[NEED HELP] Trouble with CUDA capability sm_86

No, as described here:

TORCH_CUDA_ARCH_LIST is an env var used for a source build and won’t change anything in the binaries.
You are currently selecting cudatoolkit=10.2 so use 11.1 for your Ampere GPU.

@Ilias_Giannakopoulos @eqy @rojas70 @Edwardius @Nakkhatra

(Sorry if this sounds too self-promotional) I think that my project here can be helpful for everyone in this discussion.

It has detailed explanations about the PyTorch build process and can be used to build wheels for use on local environments, including the RTX 3090.

Please visit and give feedback!

Also, please do not forget to star the repository if you find it solves your problem.

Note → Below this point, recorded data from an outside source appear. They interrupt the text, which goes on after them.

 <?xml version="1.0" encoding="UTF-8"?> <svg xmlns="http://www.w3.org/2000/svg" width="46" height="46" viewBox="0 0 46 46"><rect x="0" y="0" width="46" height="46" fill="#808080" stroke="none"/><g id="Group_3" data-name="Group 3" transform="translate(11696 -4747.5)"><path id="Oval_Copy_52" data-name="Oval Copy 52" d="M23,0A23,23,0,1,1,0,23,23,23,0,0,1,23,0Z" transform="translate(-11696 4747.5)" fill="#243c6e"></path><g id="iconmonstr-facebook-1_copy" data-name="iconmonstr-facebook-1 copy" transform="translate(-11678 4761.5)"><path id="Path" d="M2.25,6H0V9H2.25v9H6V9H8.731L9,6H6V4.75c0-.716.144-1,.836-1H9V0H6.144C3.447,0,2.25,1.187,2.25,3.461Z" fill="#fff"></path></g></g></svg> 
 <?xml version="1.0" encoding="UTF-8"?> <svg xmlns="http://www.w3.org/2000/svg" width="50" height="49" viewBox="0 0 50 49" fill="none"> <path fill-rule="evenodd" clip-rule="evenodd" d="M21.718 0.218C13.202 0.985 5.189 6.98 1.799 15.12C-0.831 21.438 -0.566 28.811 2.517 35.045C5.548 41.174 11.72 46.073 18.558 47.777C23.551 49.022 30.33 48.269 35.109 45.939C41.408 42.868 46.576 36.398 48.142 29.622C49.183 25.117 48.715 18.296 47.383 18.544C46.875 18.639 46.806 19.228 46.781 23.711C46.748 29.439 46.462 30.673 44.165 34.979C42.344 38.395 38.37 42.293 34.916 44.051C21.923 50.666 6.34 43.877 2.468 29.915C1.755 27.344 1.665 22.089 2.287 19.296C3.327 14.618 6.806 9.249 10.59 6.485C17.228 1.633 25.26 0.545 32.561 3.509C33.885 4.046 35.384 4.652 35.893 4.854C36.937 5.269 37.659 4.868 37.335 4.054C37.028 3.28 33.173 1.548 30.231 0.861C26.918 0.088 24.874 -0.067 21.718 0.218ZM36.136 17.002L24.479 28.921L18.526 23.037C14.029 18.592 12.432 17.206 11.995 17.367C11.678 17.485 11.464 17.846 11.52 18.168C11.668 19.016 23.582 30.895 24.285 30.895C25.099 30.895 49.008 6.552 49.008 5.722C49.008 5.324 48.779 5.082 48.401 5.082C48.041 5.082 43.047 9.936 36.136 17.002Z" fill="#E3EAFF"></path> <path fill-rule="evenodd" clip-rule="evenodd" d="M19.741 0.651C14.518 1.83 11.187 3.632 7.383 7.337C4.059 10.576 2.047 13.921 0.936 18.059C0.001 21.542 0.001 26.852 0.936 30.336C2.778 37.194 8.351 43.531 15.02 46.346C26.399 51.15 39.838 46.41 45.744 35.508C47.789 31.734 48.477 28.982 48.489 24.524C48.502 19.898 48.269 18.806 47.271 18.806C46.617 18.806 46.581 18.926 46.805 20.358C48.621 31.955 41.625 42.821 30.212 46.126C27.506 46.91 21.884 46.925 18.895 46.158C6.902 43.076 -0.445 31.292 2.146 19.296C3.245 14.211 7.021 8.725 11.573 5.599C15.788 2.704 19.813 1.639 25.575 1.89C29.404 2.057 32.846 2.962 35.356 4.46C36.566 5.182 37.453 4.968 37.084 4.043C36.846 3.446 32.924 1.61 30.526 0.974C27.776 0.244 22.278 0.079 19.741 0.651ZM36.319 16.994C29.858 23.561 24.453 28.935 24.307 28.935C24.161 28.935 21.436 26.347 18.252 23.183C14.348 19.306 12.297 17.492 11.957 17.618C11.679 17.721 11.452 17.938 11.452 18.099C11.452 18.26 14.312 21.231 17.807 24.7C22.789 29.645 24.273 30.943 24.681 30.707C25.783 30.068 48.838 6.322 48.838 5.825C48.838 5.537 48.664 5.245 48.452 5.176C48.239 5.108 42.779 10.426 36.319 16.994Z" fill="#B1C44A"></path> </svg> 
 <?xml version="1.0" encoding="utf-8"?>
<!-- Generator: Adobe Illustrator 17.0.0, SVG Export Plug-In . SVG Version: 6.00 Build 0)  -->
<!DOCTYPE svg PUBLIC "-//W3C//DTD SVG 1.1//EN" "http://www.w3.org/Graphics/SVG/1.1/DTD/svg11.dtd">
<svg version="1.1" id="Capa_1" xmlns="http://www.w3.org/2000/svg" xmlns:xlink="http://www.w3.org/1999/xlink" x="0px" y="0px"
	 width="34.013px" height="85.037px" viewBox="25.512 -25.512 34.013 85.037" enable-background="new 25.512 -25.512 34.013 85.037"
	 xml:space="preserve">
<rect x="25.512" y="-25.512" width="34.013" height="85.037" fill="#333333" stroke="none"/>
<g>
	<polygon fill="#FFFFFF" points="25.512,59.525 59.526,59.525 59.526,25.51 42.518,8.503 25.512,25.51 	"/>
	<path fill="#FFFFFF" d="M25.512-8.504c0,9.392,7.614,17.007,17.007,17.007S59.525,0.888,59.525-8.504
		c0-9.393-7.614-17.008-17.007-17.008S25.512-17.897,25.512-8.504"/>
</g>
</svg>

Hi, thanks for the suggestion, I have already re-installed pytorch with conda for cuda 11.1 and it worked. But the thing is, sometimes some scripts don’t work without specific versions of torch, say for example the script requires cuda 10.2 and torch 1.8.0. How can I run that on my 3070 then?

You won’t be able to run it on the 3070. However, I don’t see a reason why some scripts would depend on a specific CUDA version, so I would remove this requirement.

2 Likes

Hi
I am happy that someone could mention this problem.
how did you fix it?
would you please tell me exactly in steps?
Thanks

The PyTorch binaries support devices with a compute capability of 8.6 since the 1.7 release (any binaries with CUDA11 would work) so could you describe your issue in more detail, please?

NVIDIA GeForce RTX 3070 Laptop GPU with CUDA capability sm_86 is not compatible with the current PyTorch installation.
The current PyTorch install supports CUDA capabilities sm_37 sm_50 sm_60 sm_61 sm_70 sm_75 compute_37.

actually when I run this command : “nvcc --version” I can see that the CUDA toolkit is this version

NVIDIA (R) Cuda compiler driver
Copyright (c) 2005-2019 NVIDIA Corporation
Built on Sun_Jul_28_19:07:16_PDT_2019
Cuda compilation tools, release 10.1, V10.1.243

and when I run this command : " nvidia-smi" , what shows is that I have CUDA version 11.5 installed with 495 driver.
I even installed nightly version for anaconda. but still get the same error.

The PyTorch binaries with the CUDA 10.2 runtime ship for these architectures. As already mentioned a few times, you would need to install the PyTorch binaries with the CUDA 11.3 runtime, so select it in the install menu and make sure the install log also shows CUDA 11.3.

Thank you so much for your answer.
Actually I installed pip version of Linux and did not get that error anymore. I think I could install it successfully.
But, after running my code, this shows:

RuntimeError: Unable to find a valid cuDNN algorithm to run convolution.
what could be the problem?

You could still be hitting the same error and it wasn’t properly resolved, you could run out of memory, or there is indeed no cudnn algorithm for your workload (haven’t seen it before as so far this error was caused by other issues).

I have 16gb of memory and by monitoring it, I can see that it never passes 12GB threshold, so I am not sure what step of installing is wrong.
Besides, these are the last lines of “.log” file that creates after running my code:

)
)
(relu): ReLU(inplace=True)
)
)
(avgpool): AdaptiveAvgPool2d(output_size=1)
(features): Linear(in_features=256, out_features=128, bias=True)
(cls_layer): Linear(in_features=128, out_features=2, bias=True)
)
)
0.9033111181635459 : 0 lbl, 0.09668888183645404 : 1 lbl
0.8181309804896235 : 0 lbl, 0.18186901951037654 : 1 lbl
[0.90331113 0.09668888]

And, this is my path to the library of CUDA:

LD_LIBRARY_PATH=/usr/local/cuda/lib64:$LD_LIBRARY_PATH
LD_LIBRARY_PATH=/usr/local/cuda/lib:$LD_LIBRARY_PATH
if [ ! -d /usr/local/cuda/lib64 ]; then
LD_LIBRARY_PATH=$HOME/usr/local/cuda/lib64:$LD_LIBRARY_PATH

Your local CUDA toolkit won’t be used unless you build PyTorch from source or build a custom CUDA extension. Verify that a CUDA 11 runtime is used in your binaries via print(torch.version.cuda) and also make sure that sm_80 and sm_86 are returned by torch.cuda.get_arch_list(). If both these requirements are met, please post a minimal executable code snippet which we could use to run into the cudnn error.